# Mouse in wall somehow



## nikeman (Nov 8, 2010)

Every year I seem to get a mouse in this small section of wall upstairs between my daughters room and the hallway. It's about 3' wide and I just can't figure out how they are getting in there. I cut a hole in the wall today and pulled out 3 dead mice. They seem to get stuck between the same 2 studs and scratch inside the wall until they die which of course scares my 5 year old. I put my camera in the hole and there are no visible holes or gaps. From inside her room facing the wall it goes to the left. Beside that wall is another wall that has a storage space behind it but therecommend is no hole in the stud they are getting stuck between so I don't think that's the route they are taking. Above the wall is a small attic which is the most likely point of entrance and they just fall in and get trapped but it appears to be sealed up to the ceiling inside the wall..... I'm stumped


----------



## joecaption (Nov 30, 2011)

Attic and basement been air sealed yet?
Anyplace there's holes for plumbing and wiring need to be sealed to prevent air flow and critters from getting in.
https://www.walmart.com/ip/GREAT-ST...45967&wl11=online&wl12=23554550&wl13=&veh=sem


----------



## nikeman (Nov 8, 2010)

I'll have to go up in the attic if I can even fit up there and see. Only plumbing and other holes are for the air handler that is up in that space and all that stuff runs toward the back wall and outside through the venting facia (think that's what it's called) under the gutters and then straight down the exterior wall. That hole is sealed and everything runs down a vinyl tubing thathe looks kinda like a downspout.


----------



## Bud9051 (Nov 11, 2015)

Three issues.
1. How are they getting into that space? Obviously there is a gap or hole you aren't seeing. Remove more drywall until you can caulk the entire picture frame of the studs to drywall. Then no mice will get that far.
2. The bigger issue is they are already in the house and keeping them out of that space is only to keep from scaring your daughter. They move in during the cold season and apparently have free access to come and go as needed. Bad part is they don't go outside to do their potty business, they are using a designated corner somewhere in your house and it is nasty.
3. Mice also need to chew to keep their teeth from growing too long. That chewing can include electrical wires.
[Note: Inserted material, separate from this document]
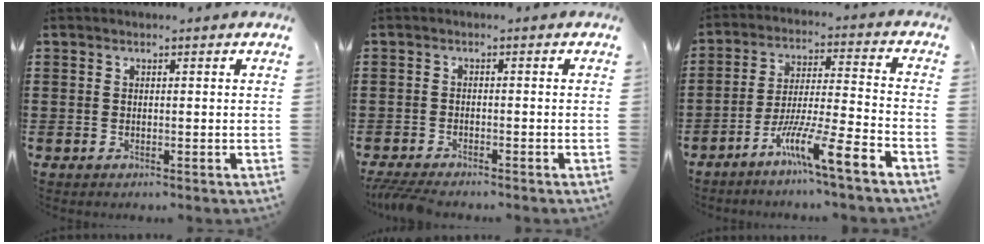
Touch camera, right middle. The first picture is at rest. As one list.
[{"total": 2.3, "force": [-2.2, 0.3, 0.9], "torque": [-0.030, -0.003, -0.048]}, {"total": 9.9, "force": [-7.2, 0.1, 6.7], "torque": [-0.124, -0.004, -0.140]}]
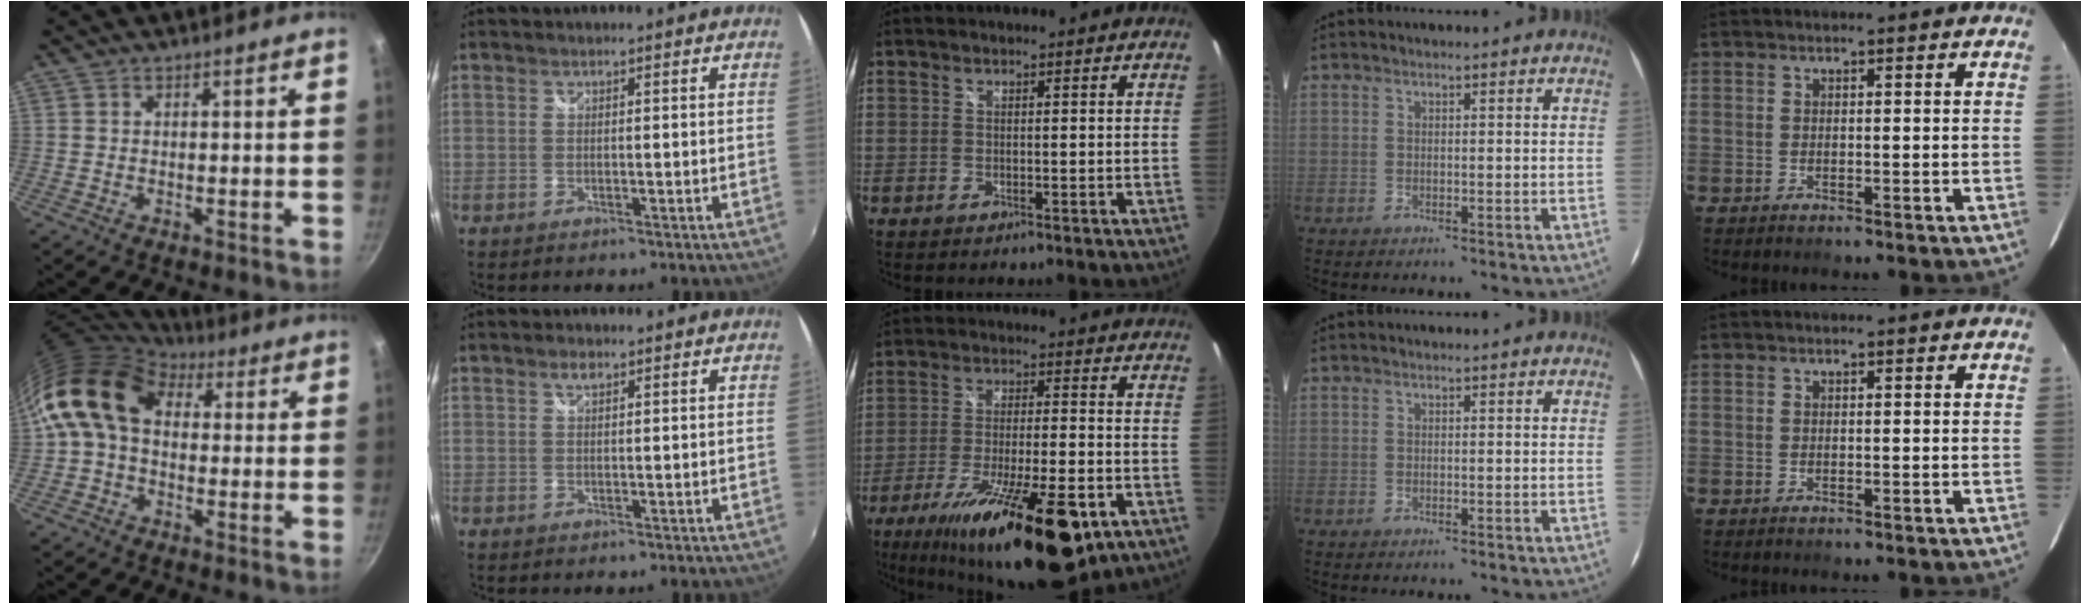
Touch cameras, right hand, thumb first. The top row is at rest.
{"thumb": {"total": 13.0, "force": [2.7, 9.6, 8.4], "torque": [-0.131, 0.015, 0.024]}, "index": {"total": 1.3, "force": [0.8, 0.5, 0.8], "torque": [-0.014, 0.004, 0.013]}, "middle": {"total": 21.8, "force": [-13.1, 6.1, 16.3], "torque": [-0.284, -0.045, -0.207]}}
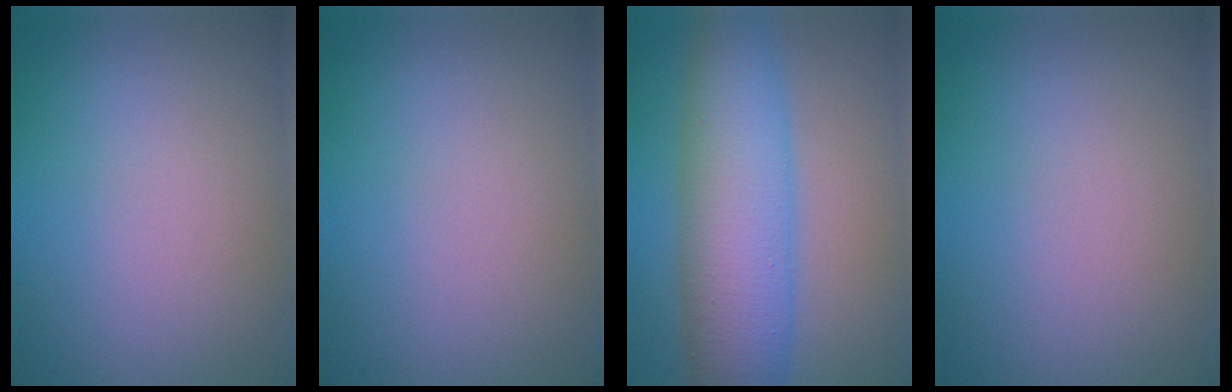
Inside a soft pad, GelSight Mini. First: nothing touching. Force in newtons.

You can see they don't need much space to squeeze through to get into your house and very difficult to seal the entire house. over time you will find places and close them off. The long term solution is the set baited traps in many locations, including the attic and basement. When you catch one it will tell you the direction they are coming from, but continue the baited traps everywhere for several years.

Bud


----------



## nikeman (Nov 8, 2010)

I just went up there and it's impossible for me or any human being to get to where that wall is. It's just insulation and ductwork. Only light coming in are from the vents on either side of the house and I didn't see any mouse droppings in the area I can see so maybe that's not the entry point... I have caught a few mouse in the small space above my front porch. There is a section on both sides of the front where the 2 bedrooms are upstairs that I guess we're to low to make part of the bedroom so they just left space for a window in each room on the front of the house. I set traps up there for months and didn't catch anymore after the first 2 weeks and I only caught them on my son's room side. Never figured out how they got up there either.


----------



## Dave Sal (Dec 20, 2012)

I had the exact same scenario many years ago in my son's bedroom. He started complaining of a foul smell and I cut a hole in the drywall, finding three dead mice between the studs. His room is on the 2nd floor of a tri-level home. I climbed on the roof and found the opening they were getting in at. It was the point where the upper level roof meets the lower level, right at the center where a gutter terminates. The hole was only about 2 inches but that's plenty big for mice. I filled the hole with expanding foam, bought some aluminum flashing and bent it to fit the space, and then glued and screwed it in place. No problems since.


----------